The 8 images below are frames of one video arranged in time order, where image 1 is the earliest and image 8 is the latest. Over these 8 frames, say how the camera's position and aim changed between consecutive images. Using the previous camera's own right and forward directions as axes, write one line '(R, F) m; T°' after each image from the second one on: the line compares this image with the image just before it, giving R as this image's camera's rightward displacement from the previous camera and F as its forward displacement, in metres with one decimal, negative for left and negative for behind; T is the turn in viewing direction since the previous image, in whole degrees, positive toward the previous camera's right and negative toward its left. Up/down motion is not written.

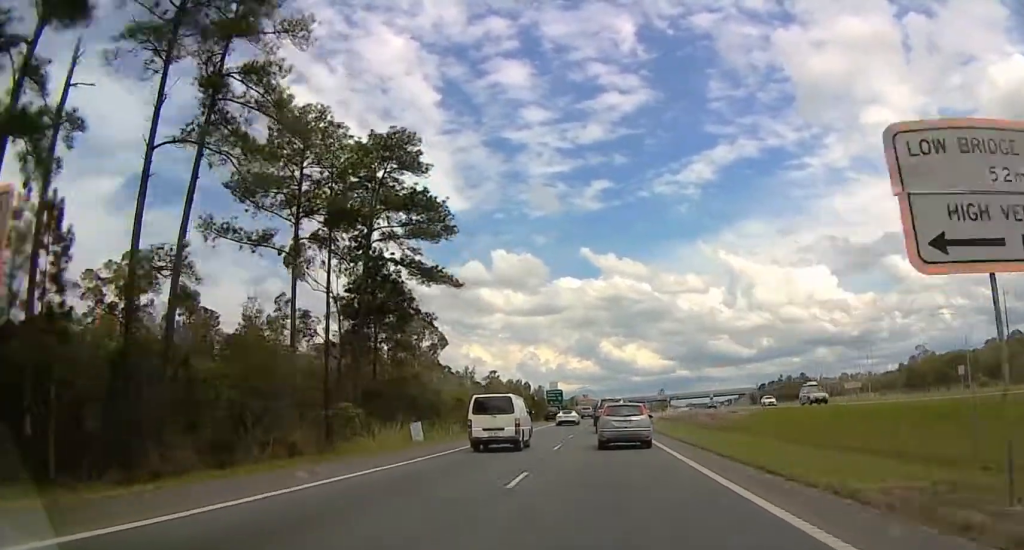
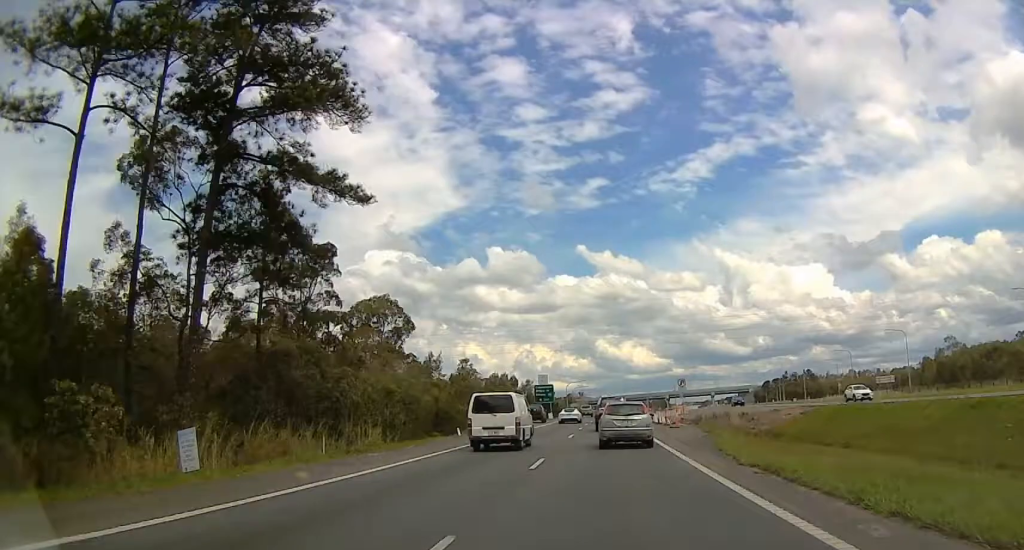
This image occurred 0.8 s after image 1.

::::::::

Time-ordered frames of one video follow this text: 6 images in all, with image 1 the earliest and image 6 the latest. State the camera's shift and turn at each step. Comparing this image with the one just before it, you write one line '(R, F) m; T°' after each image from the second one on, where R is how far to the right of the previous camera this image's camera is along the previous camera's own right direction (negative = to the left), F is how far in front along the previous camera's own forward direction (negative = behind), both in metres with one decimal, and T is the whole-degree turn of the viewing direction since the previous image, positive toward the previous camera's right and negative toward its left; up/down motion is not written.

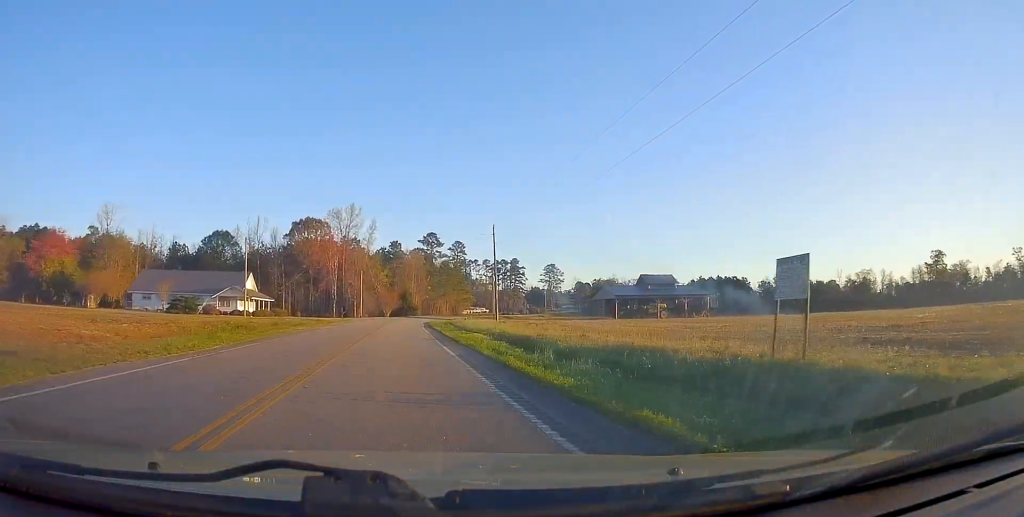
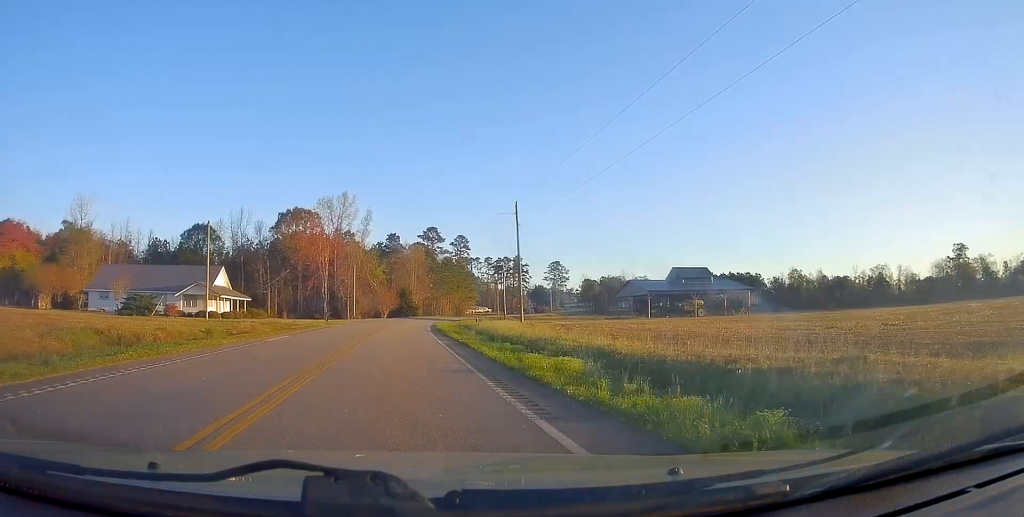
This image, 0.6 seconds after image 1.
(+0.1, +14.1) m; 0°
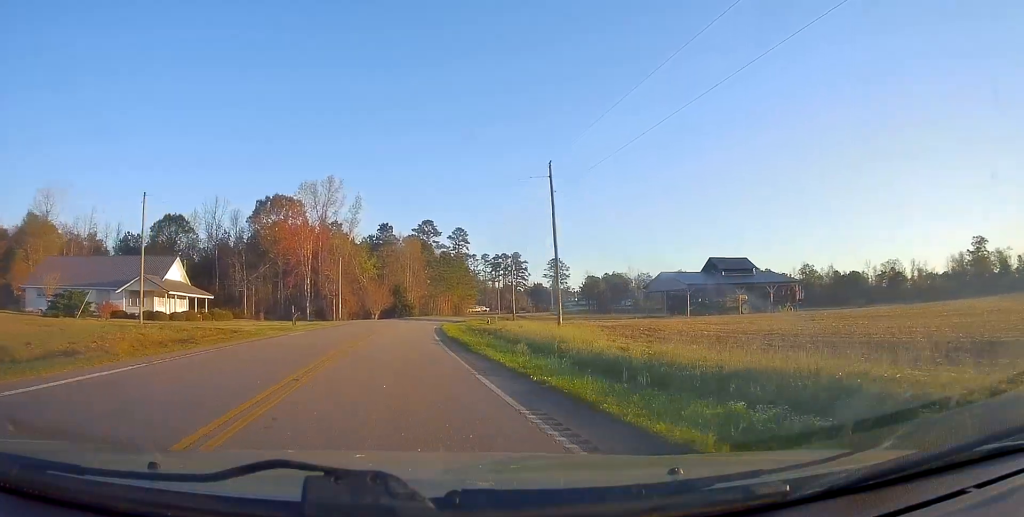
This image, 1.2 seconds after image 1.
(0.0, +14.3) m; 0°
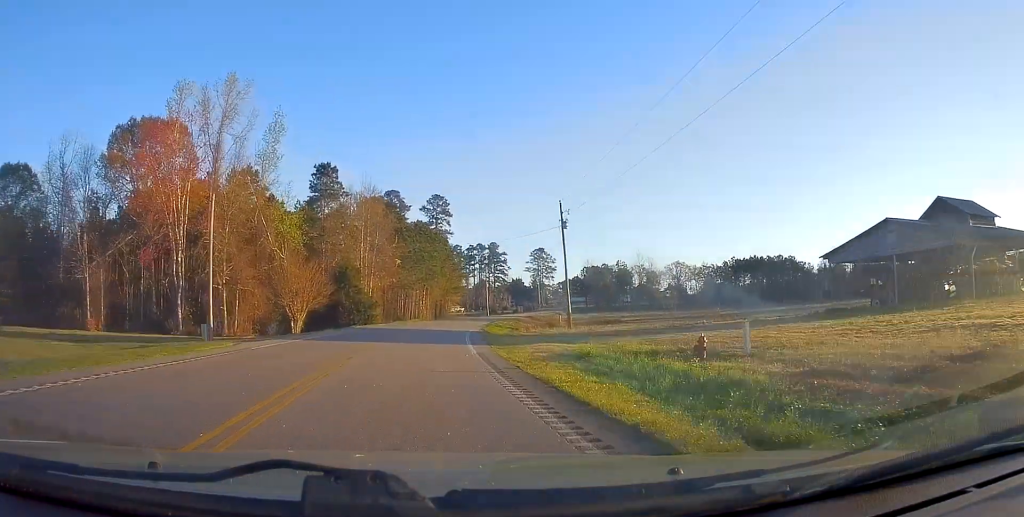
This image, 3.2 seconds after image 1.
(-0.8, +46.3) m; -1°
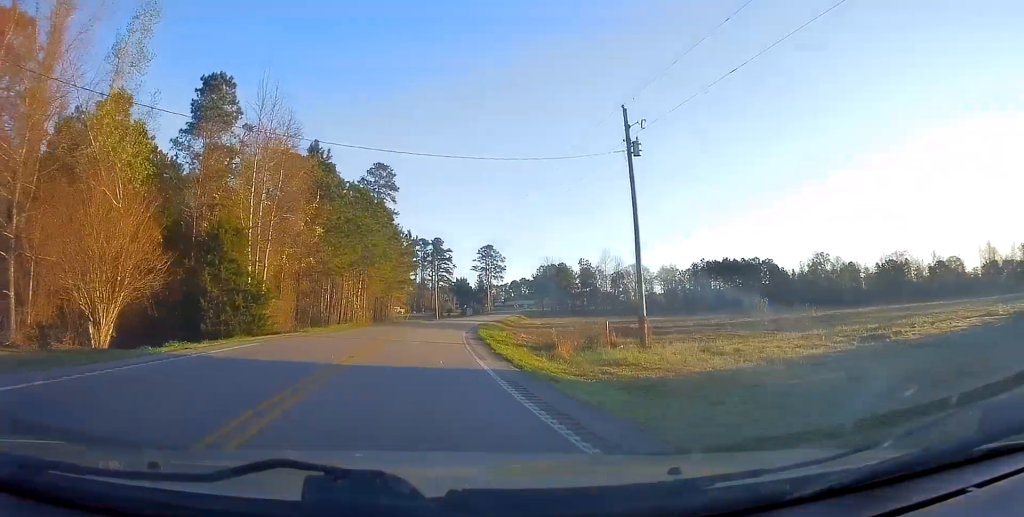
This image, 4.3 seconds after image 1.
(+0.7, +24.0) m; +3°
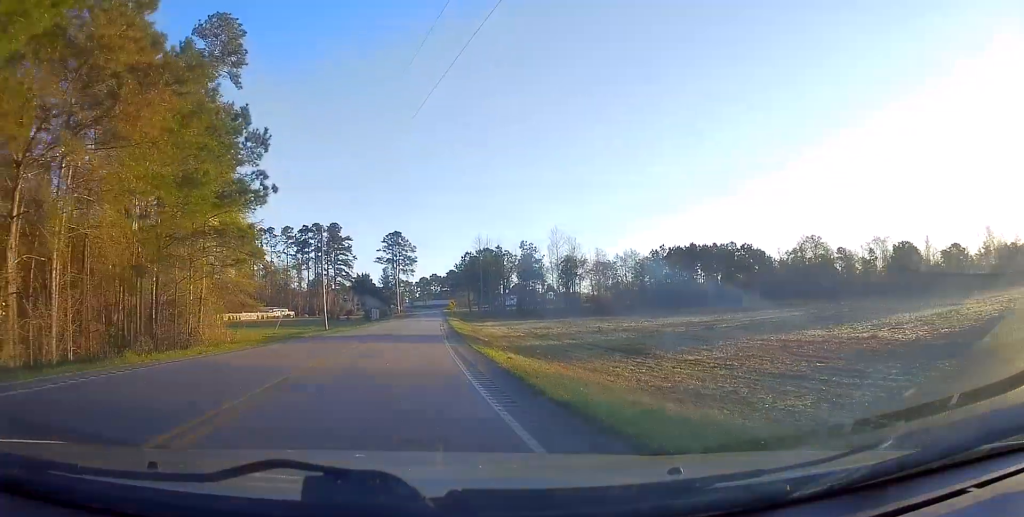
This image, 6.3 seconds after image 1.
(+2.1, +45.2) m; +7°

::::::::

*Directions for this task*.
Your copy should hold the lines from the one with "The 8 images" up to and including the one with "This image occurred 0.8 s after image 1.", exactly as in the data above, and no pictures.

*Result of the task*.
The 8 images below are frames of one video arranged in time order, where image 1 is the earliest and image 8 is the latest. Over these 8 frames, say how the camera's position and aim changed between consecutive images. Using the previous camera's own right and forward directions as axes, write one line '(R, F) m; T°' after each image from the second one on: the line compares this image with the image just before it, giving R as this image's camera's rightward displacement from the previous camera and F as its forward displacement, in metres with one decimal, negative for left and negative for behind; T is the turn in viewing direction since the previous image, in whole degrees, positive toward the previous camera's right and negative toward its left. Up/down motion is not written.

This image occurred 0.8 s after image 1.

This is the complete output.